Key Takeaways
- GPT-4o is half the cost and twice the speed of GPT-4 Turbo, with added multimodal capabilities.
- GPT-4o can interpret nonverbal elements, respond with an emotional range, and handle large amounts of data.
- GPT-4o is available to free and paid users, with a higher usage limit for paid users; future features will be released gradually.
The march of progress for generative AI is turning into more of a sprint, and OpenAI’s announcement and release of GPT-4o “Omni” promises to leap ChatGPT and its related services forward in several areas. If you don’t have access to GPT-4o already, you will soon. So let’s look at what makes this new AI model different from what’s come before.
GPT-4o vs. GPT-4 Turbo and GPT-3.5
We’ve covered the difference between GPT3.5 and GPT-4 Turbo in detail already, but the short version is that GPT-4 is significantly smarter than GPT-3.5. It can understand much more nuance, produce more accurate results, and is significantly less prone to AI hallucinations. GPT-3.5 is still very much relevant since it’s fast, available for free, and can still handle most everyday tasks with ease. As long as you’re aware that it’s much more likely to give you incorrect information.
GPT-4 Turbo had been the flagship model until the arrival of GPT-4o. This model was only available for ChatGPT Plus subscribers and came with all the fun toys OpenAI developed, such as custom GPTs and live web access.
Before we get into the actual features and capabilities, an important fact is that (according to OpenAI) GPT-4o is half the cost and twice the speed of GPT-4. This is likely why GPT-4o is available to both free and paid users, although paying users will get five times the usage limit for GPT-4o.
It’s broadly just as smart as GPT-4 Turbo, so overall this advancement is more about efficiency. However, there are some obvious and not so obvious advancements that go beyond simply being faster and cheaper.
What Can GPT-4o Do?
The big buzzword with GPT-4o is “multimodal”, which is to say that GPT-4o can operate on audio, images, video, and text. Well, so could GPT-4 Turbo, but this time it’s different under the hood.

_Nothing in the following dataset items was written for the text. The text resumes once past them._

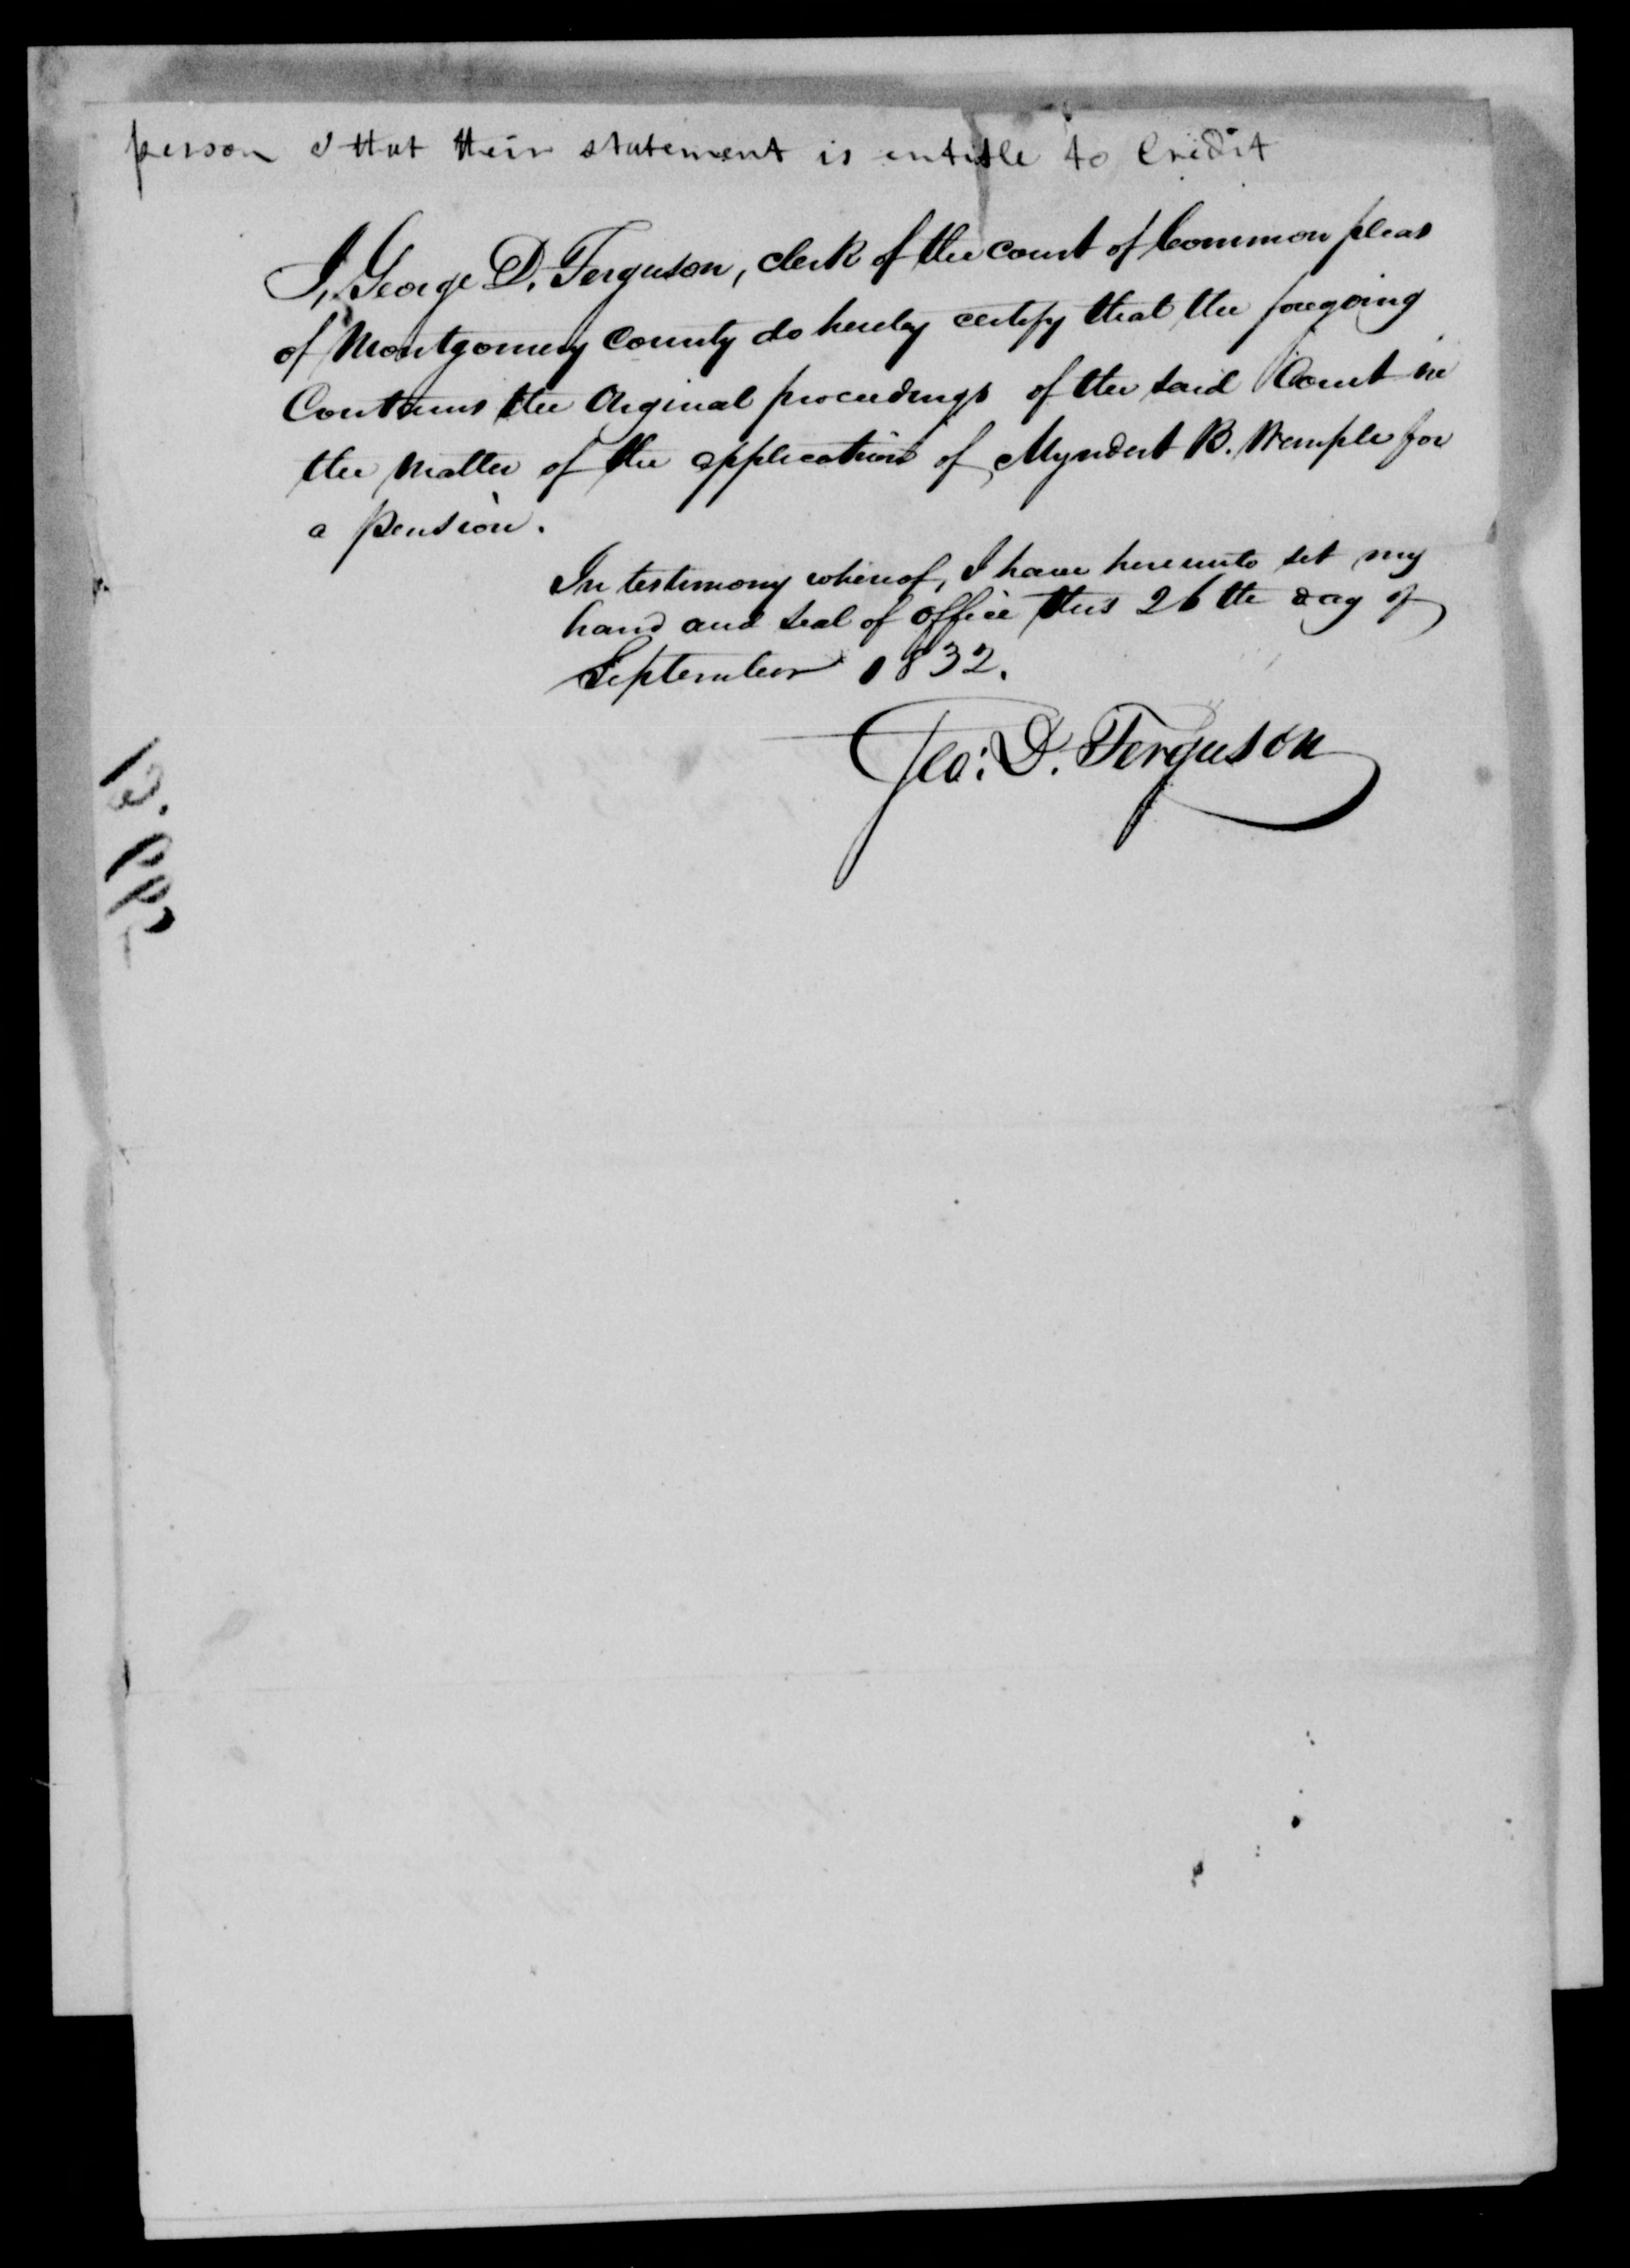person & that their statement is entitle to Credit

I, George D. Ferguson, Clerk of the Court of Common pleas
of Montgomery County do hereby certify that the foregoing
contains the original proceedings of the said Court in
the matter of the application of Myndert B. Wemple for
a pension.

In testimony whereof, I have hereunto set my
hand and seal of office this 26th day of
September 1832.
Geo: D. Ferguson

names: Myndert B Wemple, George D Ferguson
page: 9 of 51
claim: widow's
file: W. 19604, Myndert B Wemple, New York

OpenAI says that it’s trained a single neural net on all modalities at once. With the older GPT-4 Turbo, when using voice mode, it would use one model to convert your spoken words to text. Then GPT-4 would interpret and respond to that text, which was then converted back into a synthesized AI voice.
With GPT-4o it’s all one model, which has numerous knock-on effects on performance and abilities. OpenAI claims that the response time when conversing with GPT-4o is now only a few hundred milliseconds, about the same as a real-time conversation with another human. Compare this to the 3-5 seconds it took for older models to respond, and it’s a major leap.
Apart from being much snappier, it also means that GPT-4o can now also interpret nonverbal elements of speech, such as the tone of your voice, and its own response now has an emotional range. It can even sing! In other words, OpenAI has given GPT-4o some measure of affective computing ability.
The same sort of efficiency and unification applies to text and images, as well as video. In one demo GPT-4o is shown having a real-time conversation with a human being with live video and audio. Just like having a video chat with a human, it appears that GPT-4o can interpret what it sees through the camera, and make some pretty incisive inferences. ChatGPT-4o can also keep a substantially larger number of tokens in mind compared to previous models, which means it can apply its intelligence to much longer conversations and larger amounts of data. This will likely make it more useful for tasks like helping you write a novel, as one example.
Now, as of this writing, not all of these features are available to the public yet, but OpenAI has stated that it will roll them out in the weeks following the initial announcement and release of the core model.
How Much Does GPT-4o Cost?
GPT-4o is available to both free and paid users, although paying users will get five times the usage limit for GPT-4o. As of this writing, the cost of ChatGPT Plus is still $20 a month, and if you’re a developer well, you’ll have to look up the API costs for your needs, but GPT-4o should be much cheaper compared to other models.
How to Use GPT-4o
As I mentioned above, GPT-4o is available to both free and paid users, but not all of its features are online right away. So, depending on when you read this, the exact things you can do with it will vary. That said, using GPT-4o is dead simple. If you’re using the ChatGPT website as a ChatGPT Plus subscriber, just click the drop down menu that displays the current model name and select GPT-4o.
If you are a free user, you will be defaulted to ChatGPT-4o until you run out of your allocation. At which point, you’ll be dropped back to version 3.5 until you have more requests available.
As of this writing, ChatGPT-4o is not yet available in the free tier, so the above is based on OpenAI’s documentation. Things might work slightly differently when the feature rolls out to free users.
If you’re using the mobile app, simply tap the three dots and choose the model from there.
Then use ChatGPT as you usually would!
When ChatGPT-4o is released in its final form, we might finally get the conversant, natural language assistant that science fiction has promised. Whether that’s a good or a bad thing I leave completely up to you, but it sure is exciting!